Instructions for the task
Write every line below out again, exactly as given, but leave out the pictures.

(Records from a dataset)
——

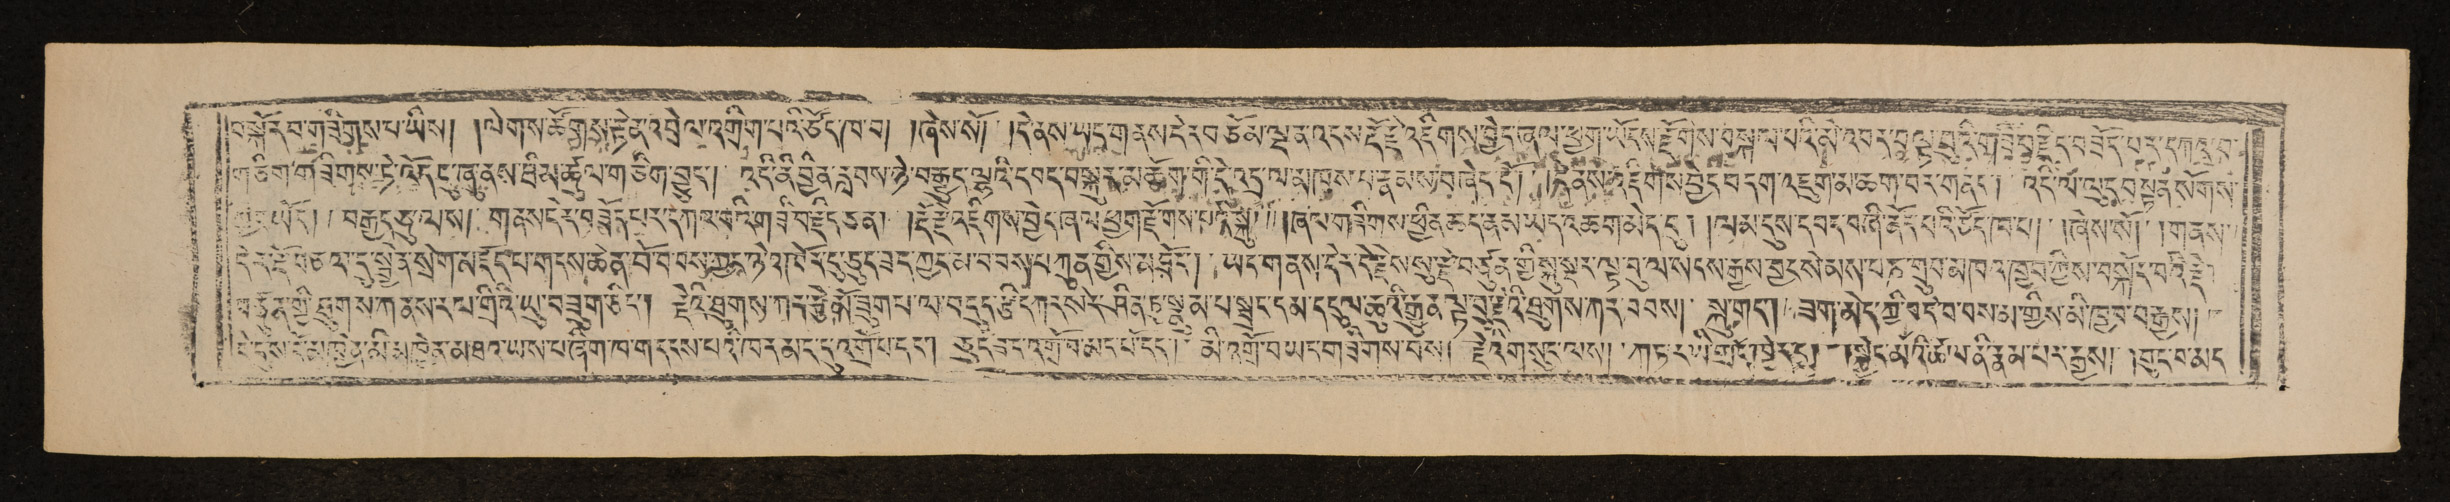བསྐོར་བ་གཟིགས་པ་ཡིས། །ལེགས་ཚོགས་རྟེན་འབྲེལ་འགྲིག་པའི་ཙོང་ཁ་པ། །ཞེས་སོ། །དེ་ནས་ཡང་གནས་དེར་བཅོམ་ལྡན་འདས་རྡོ་རྗེ་འཇིགས་བྱེད་ཞལ་ཕྱག་ཡོངས་རྫོགས་བསྐལ་པའི་མེ་འབར་བ་ལྟ་བུའི་གཟི་བརྗིད་བཟོད་པར་དཀའ་བ་
གཅིག་གཟིགས་ཏེ་འོད་དུ་ཞུ་ནས་ཐིམ་ཚུལ་གཅིག་བྱུང་། འདི་ནི་བྱིན་རླབས་ཉེ་བརྒྱུད་ལྷའི་དབང་བསྐུར་མཆོག་གི་དེ་འདྲ་ལ་མཁས་པ་རྣམས་བཞེད་དོ། །དེ་ནས་འཇིགས་བྱེད་བདག་འཇུག་མ་ཆག་པར་གནང་། འདི་ལ་ལུང་བསྟན་སོགས་
ཀྱང་ཡོད། བརྒྱད་ཅུ་ལས། གནས་དེར་བཟོད་པར་དཀའ་བའི་གཟི་བརྗིད་ཅན། །རྡོ་རྗེ་འཇིགས་བྱེད་ཞལ་ཕྱག་རྫོགས་པའི་སྐུ། །ཞལ་གཟིགས་ཕྱིན་ཆད་ནམ་ཡང་འཆག་མེད་དུ། །ལམ་དུས་དབང་བཞིན་ནོད་པའི་ཙོང་ཁ་པ། །ཞེས་སོ། །གནས་
དེར་རྡོ་བཅལ་སུ་སྦྱིན་སྲེག་མཛད་པ་གངས་ཆེན་པོ་བབས་ཀྱང་ཉེ་འཁོར་དུ་ཅུང་ཟད་ཀྱང་མ་བབས་པ་ཀུན་གྱིས་མཐོང་། ཡང་གནས་དེར་དེ་རྗེས་སུ་རྗེ་བཙུན་གྱི་སྐུ་སྔར་ལྟ་བུ་ལ་སངས་རྒྱས་བྱང་སེམས་པཎ་གྲུབ་མཁའ་ཁྱབ་ཀྱིས་བསྐོར་བའི་རྗེ་
བཙུན་གྱི་ཐུགས་ཀ་ནས་རལ་གྲིའི་ཡུ་བ་ཟུག་ཅིང་། རྗེའི་ཐུགས་ཀར་རྩེ་མོ་ཟུག་པ་ལ་བདུད་རྩི་དཀར་སེར་ཤིན་ཏུ་སྣུམ་པ་སྤྲང་དམ་དངུལ་ཆུའི་རྒྱུན་ལྟ་བུ་རྗེའི་ཐུགས་ཀར་བབས། སྐུ་གང་། ཟག་མེད་ཀྱི་བདེ་བ་བསམ་གྱིས་མི་ཁྱབ་བརྒྱས།
དེ་དུས་ངོ་མཁྱེན་མི་མཁྱེན་མཐའ་ཡས་པ་ཞིག་ཁ་གདངས་པའི་ཁར་མང་དུ་འགྲོ་བ་དང་། ཅུང་ཟད་འགྲོ་བ་མང་པོ་དང་། མི་འགྲོ་བ་ཡང་གཟིགས་པས། རྗེའི་གསུང་ལས། ཀ་ཏ་ར་ཡི་གྲོང་ཁྱེར་དུ། །སྐྱེད་མོའི་ཚལ་ནི་རྣམ་པར་རྒྱས། །བུང་བ་མང་

——

Solution for this task
བསྐོར་བ་གཟིགས་པ་ཡིས། །ལེགས་ཚོགས་རྟེན་འབྲེལ་འགྲིག་པའི་ཙོང་ཁ་པ། །ཞེས་སོ། །དེ་ནས་ཡང་གནས་དེར་བཅོམ་ལྡན་འདས་རྡོ་རྗེ་འཇིགས་བྱེད་ཞལ་ཕྱག་ཡོངས་རྫོགས་བསྐལ་པའི་མེ་འབར་བ་ལྟ་བུའི་གཟི་བརྗིད་བཟོད་པར་དཀའ་བ་
གཅིག་གཟིགས་ཏེ་འོད་དུ་ཞུ་ནས་ཐིམ་ཚུལ་གཅིག་བྱུང་། འདི་ནི་བྱིན་རླབས་ཉེ་བརྒྱུད་ལྷའི་དབང་བསྐུར་མཆོག་གི་དེ་འདྲ་ལ་མཁས་པ་རྣམས་བཞེད་དོ། །དེ་ནས་འཇིགས་བྱེད་བདག་འཇུག་མ་ཆག་པར་གནང་། འདི་ལ་ལུང་བསྟན་སོགས་
ཀྱང་ཡོད། བརྒྱད་ཅུ་ལས། གནས་དེར་བཟོད་པར་དཀའ་བའི་གཟི་བརྗིད་ཅན། །རྡོ་རྗེ་འཇིགས་བྱེད་ཞལ་ཕྱག་རྫོགས་པའི་སྐུ། །ཞལ་གཟིགས་ཕྱིན་ཆད་ནམ་ཡང་འཆག་མེད་དུ། །ལམ་དུས་དབང་བཞིན་ནོད་པའི་ཙོང་ཁ་པ། །ཞེས་སོ། །གནས་
དེར་རྡོ་བཅལ་སུ་སྦྱིན་སྲེག་མཛད་པ་གངས་ཆེན་པོ་བབས་ཀྱང་ཉེ་འཁོར་དུ་ཅུང་ཟད་ཀྱང་མ་བབས་པ་ཀུན་གྱིས་མཐོང་། ཡང་གནས་དེར་དེ་རྗེས་སུ་རྗེ་བཙུན་གྱི་སྐུ་སྔར་ལྟ་བུ་ལ་སངས་རྒྱས་བྱང་སེམས་པཎ་གྲུབ་མཁའ་ཁྱབ་ཀྱིས་བསྐོར་བའི་རྗེ་
བཙུན་གྱི་ཐུགས་ཀ་ནས་རལ་གྲིའི་ཡུ་བ་ཟུག་ཅིང་། རྗེའི་ཐུགས་ཀར་རྩེ་མོ་ཟུག་པ་ལ་བདུད་རྩི་དཀར་སེར་ཤིན་ཏུ་སྣུམ་པ་སྤྲང་དམ་དངུལ་ཆུའི་རྒྱུན་ལྟ་བུ་རྗེའི་ཐུགས་ཀར་བབས། སྐུ་གང་། ཟག་མེད་ཀྱི་བདེ་བ་བསམ་གྱིས་མི་ཁྱབ་བརྒྱས།
དེ་དུས་ངོ་མཁྱེན་མི་མཁྱེན་མཐའ་ཡས་པ་ཞིག་ཁ་གདངས་པའི་ཁར་མང་དུ་འགྲོ་བ་དང་། ཅུང་ཟད་འགྲོ་བ་མང་པོ་དང་། མི་འགྲོ་བ་ཡང་གཟིགས་པས། རྗེའི་གསུང་ལས། ཀ་ཏ་ར་ཡི་གྲོང་ཁྱེར་དུ། །སྐྱེད་མོའི་ཚལ་ནི་རྣམ་པར་རྒྱས། །བུང་བ་མང་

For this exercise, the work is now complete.